But I have him to thank, whoever he is.  For some reason, it hit me with vivid reality that life is lived one long day at a time.   Thousands of days that man had lived, and it all came down to what may have been his few final minutes.  I watched that man, for a moment, and was overwhelmed with the fact that he was born, had a childhood, probably loves someone, or several someones.  A lifetime of memories were right there, clinging and fighting just so that one more day could be lived.  That man, if he lived, will never again have an ordinary day.

I hope I don't, either.

Someone said "the days are long, but the years are short" and they were exactly right.  My life has been lived, thus far, one minute...one hour...one day at a time.  I was born, I had a childhood, I've learned a few things and loved a whole lot of people.  Countless moments, one after another, add up to what is my whole life today.  Much effort, many prayers, tears, laughter, pain, and joy have gone into my one life already.

And it could easily be all over in a matter of minutes. 

The human body cannot go ten minutes without oxygen.  In ten short minutes, my whole life, all its hours and its days and its years, could be finished.  Final. Any thoughts yet unspoken or unwritten would die with me, unexpressed.  Memories that are mine alone will slip into eternity with me, they will not be left behind in a box or gathered up with my things.  Why do we not spend more time reminiscing?  The Lord has been so good, and I am commanded to remember!  So that my children, and their children, will remember.  So that my friends will not forget.

Anything, to be remembered collectively, must be talked about, and more than once.  Time has to be taken, around dinner tables and over telephones, and in cars and in front of the fireplace.  Moments must be stolen back, and memorials made to the faithfulness of God.  "Remember when...??"

And how about these words:  "I love you."

And, "I am sorry.  Let's begin fresh, slates wiped clean.  You - a spouse, a parent, child, or a friend and child of God - you with an eternal spirit, you are far too important to be abandoned this way, and I want to come back and rebuild that which is eternal:  our relationship.  Quick!  Hurry, let us go back to loving each other before the sun goes down, and this one precious day is over!"

Fragile woman, I am.  Because my life is as a vapor, no day is ordinary.  Every day is a gift.  Life is far, far too short to not place urgent and immediate value on my relationships.  Theoretically, in less than ten minutes, all that has been left unsaid, will never be said, this side of heaven.  Every wrong not made right, will be left just as it stands in the heart and memory of someone I say I care about.

This day was not ordinary.  It was not common.  It was filled with the atmosphere of eternity, and loaded with value.  I pray I have invested it well.

Because I will, one day, stop breathing.  Less than ten minutes from that moment, I leave it all behind.  Ten short minutes.


This day, in pictures ~


I began it by filling the house with sunflowers - always sunflowers for my girls' birthday.


Stopped by this shop

For a dozen of these.  Oh...my...heavens.  So good.

Justin and Hannah brought this home from an antique shop today.  Timothy Paul will be joining us for dinner here, by this time next year.

Dad and a few of his kids, playing "that game".

And playing...and playing...(it is nearly eleven, as I type, and they are playing it again!)

Happy Birthday, my Sarah Howe!  Your first birthday as a married woman, and you are more beautiful than ever.  As the sunflowers will always say, "I am so proud of you!"
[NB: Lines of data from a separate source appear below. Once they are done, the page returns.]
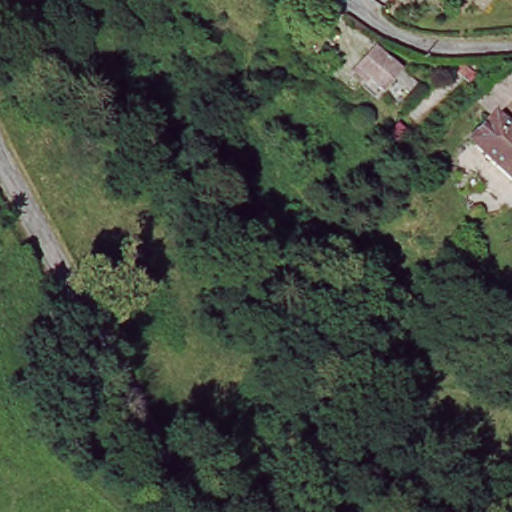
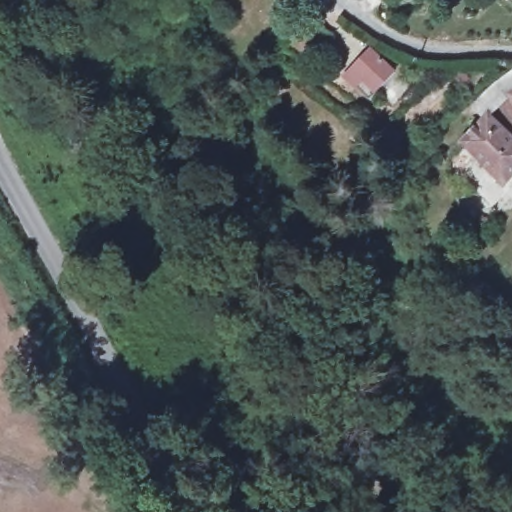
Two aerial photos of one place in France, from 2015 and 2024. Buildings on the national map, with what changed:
unchanged [(386,76),(369,94),(357,84),(362,78),(349,66),(362,52),(386,76)]
unchanged [(512,92),(512,103),(509,94),(512,92)]
unchanged [(461,144),(486,117),(488,118),(495,124),(512,109),(512,170),(500,182),(461,144)]
unchanged [(489,215),(465,225),(458,201),(480,195),(489,215)]

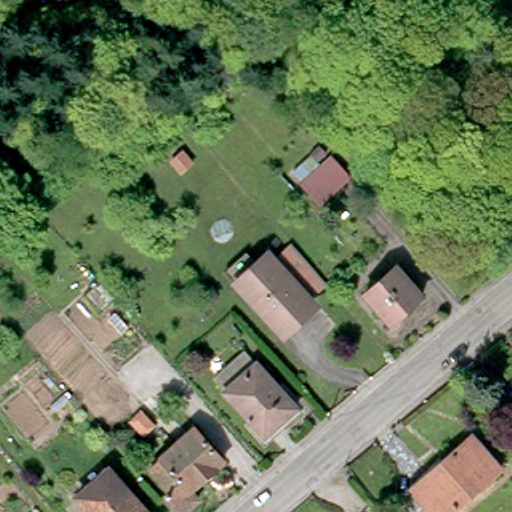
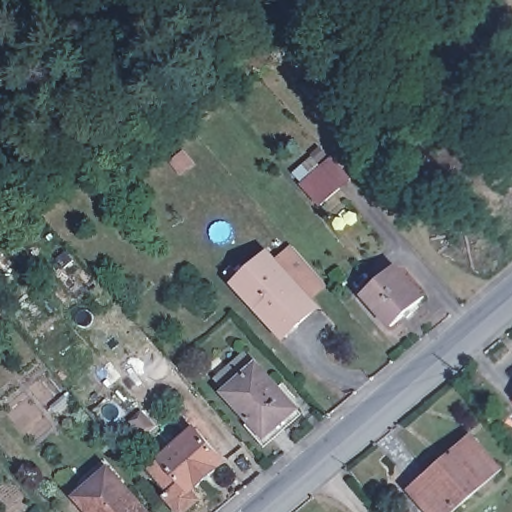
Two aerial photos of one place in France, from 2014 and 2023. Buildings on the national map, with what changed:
unchanged [(351,179),(321,205),(303,185),(334,159),(351,179)]
unchanged [(79,173),(70,181),(64,175),(73,166),(79,173)]
unchanged [(294,320),(279,333),(246,297),(230,280),(235,275),(264,250),(281,267),(284,265),(275,255),(289,242),(302,258),(321,280),(306,294),(309,297),(297,309),(301,313),(294,320)]
unchanged [(423,298),(392,326),(365,296),(397,268),(423,298)]
unchanged [(258,363),(298,409),(266,438),(226,393),(226,390),(215,380),(244,352),(257,364),(258,363)]
unchanged [(191,491),(199,500),(186,512),(179,512),(167,498),(173,493),(153,470),(163,460),(162,459),(196,428),(224,462),(191,491)]
unchanged [(438,467),(473,437),(502,471),(455,512),(435,512),(417,491),(441,471),(438,467)]
unchanged [(147,512),(91,512),(79,498),(110,470),(147,512)]

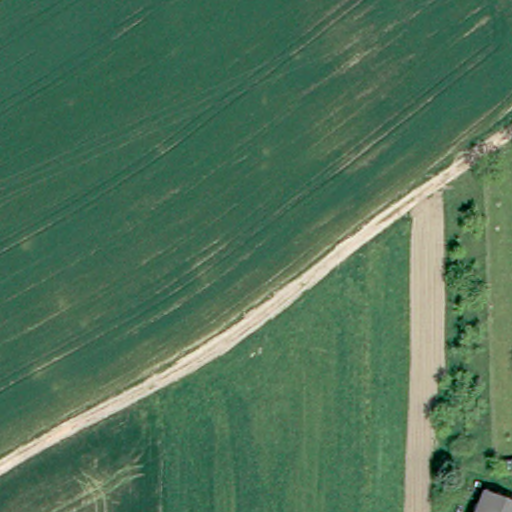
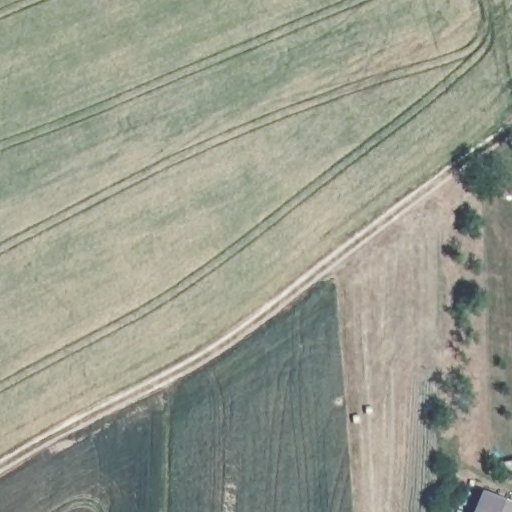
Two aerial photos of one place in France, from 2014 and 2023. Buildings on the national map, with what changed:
unchanged [(511,512),(472,512),(481,497),(511,512)]

Happy Birthday, Hannah!  Timothy Paul is one blessed baby boy to have a mother who will love him so intensely...ferociously...creatively...and forever.  Your first birthday as a mommy, and I am SO PROUD OF YOU!
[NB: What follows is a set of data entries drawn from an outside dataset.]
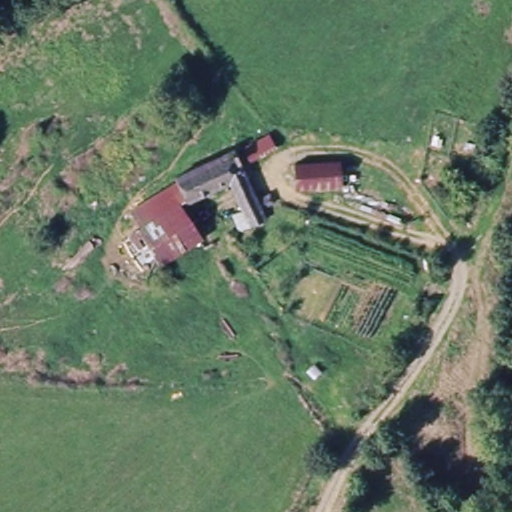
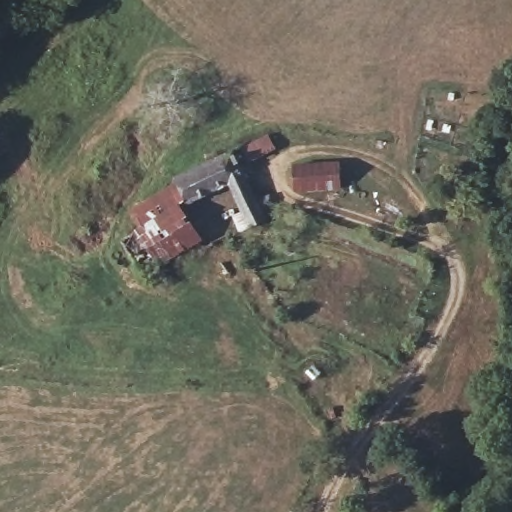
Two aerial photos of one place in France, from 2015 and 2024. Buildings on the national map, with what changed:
unchanged [(263,210),(269,218),(254,227),(227,181),(183,208),(200,237),(202,239),(147,276),(124,242),(144,230),(133,213),(176,186),(173,181),(228,149),(258,200),(270,193),(275,202),(263,210)]
unchanged [(299,200),(297,175),(343,172),(344,200),(299,200)]

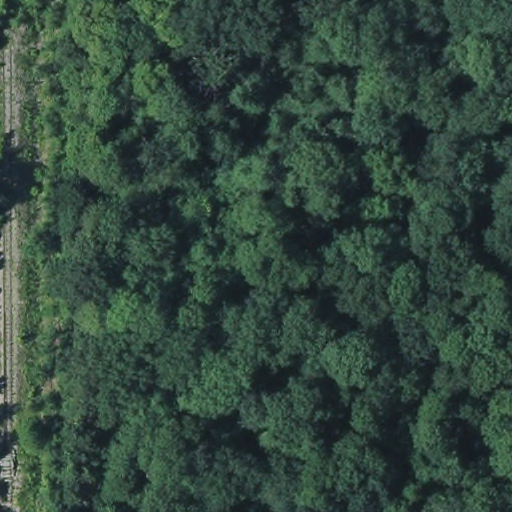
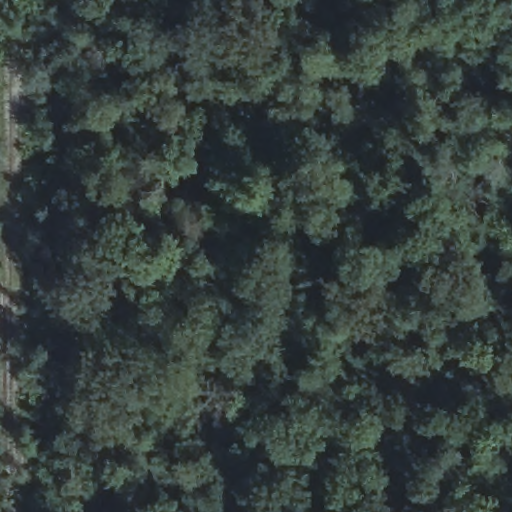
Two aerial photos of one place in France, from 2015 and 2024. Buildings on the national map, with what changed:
[]

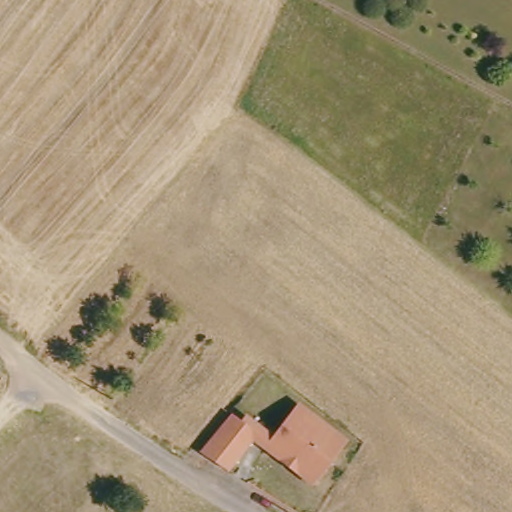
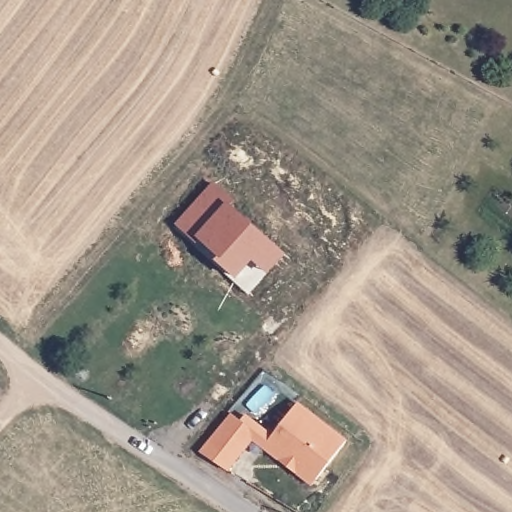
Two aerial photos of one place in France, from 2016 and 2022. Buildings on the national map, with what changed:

No...it has been no ordinary day.  Tomorrow will also be absolutely stunning in its unique opportunities and responsibilities.  The sunrise will be God's encore of the miraculous.  The moment my eyes open, it will be time to be about the business of loving God and loving people.  Oh, God!  May I live tomorrow's minutes and hours with full awareness of their worth!

It's A....

Tim and I drove our daughter Hannah and her husband to their ultrasound appointment...




....a little bit of a hike to the doctor's office...

Hannah decided to tell her mother and father-in-law by baking cupcakes with either blue filling or pink filling inside the cupcake!  Guess what color icing was in this delicious dessert?


Yes!  Our very first grandbaby, who shall be named Timothy Paul McConnell, is doing very well! 
::squeal::
IT'S A BOY!!!!!!!!!




Dear Timothy Paul,
It seems to me I've loved you since the day your mother was born.  I am beside myself with  gratitude and joy!  You are being born into what is becoming a long line of Bible teachers and preachers.  Your great grandfather Gilreath , your grandfather Atchley, your daddy (a Bible teacher in the making)...and now you.  You truly have "a goodly heritage". 

Should the Lord tarry, I plan to live to be a ripe, old age.  I love you now, and I will love you even more then.  My prayer prints have been all over you, since before you were conceived.  Soon, I will hold you for the very first time.  You may have been a surprise to your parents, but I've been expecting you for almost as long as I can remember.  We are going to have a ton of fun together.  Hope you like to be read to.  (And fish, and shoot guns, but those are papaw Atchley and papaw McConnell things...)

I can't wait for you to meet all my friends.  They are all excited to know you are on the way.  I can't wait to see your momma and daddy bring you to your church, that very first Sunday.  I can't wait to see you take your first steps, hear you say your first words, hear you preach your first sermon.  And play your first song. 

I am blessed and highly favored.  Take good care of yourself, and we'll see you sometime during the Christmas season!  

I love you to the moon, little man!

Grandmommy




Guess Who Has Photo Shop?

My honey got me Photo
Shop! 

I've already had a brief, basic tutorial this evening after worship practice, from son-in-law Jonathan.  Hannah can also teach me a lot, from her days as merchandising manager at Goody's...she did all sorts of cool stuff with this program every day!

I'm sooooo excited.  This is one of the pictures I've worked on so far...all I did was make the background black and white, and re-color my daughter Sarah and I, on her wedding day.

This is a learning curve unlike any other.  Whew.

Tomorrow!

Tomorrow, we find out whether our first grandbaby is a girl or boy!  Hannah asked me to accompany her and Justin to her ultrasound appointment.  Can't wait, can't wait...

Of course, I'll be jumping on here to tell the world!

"The Trouble With Scotland..."

...is that it's full of Scots!" (line from the movie Braveheart)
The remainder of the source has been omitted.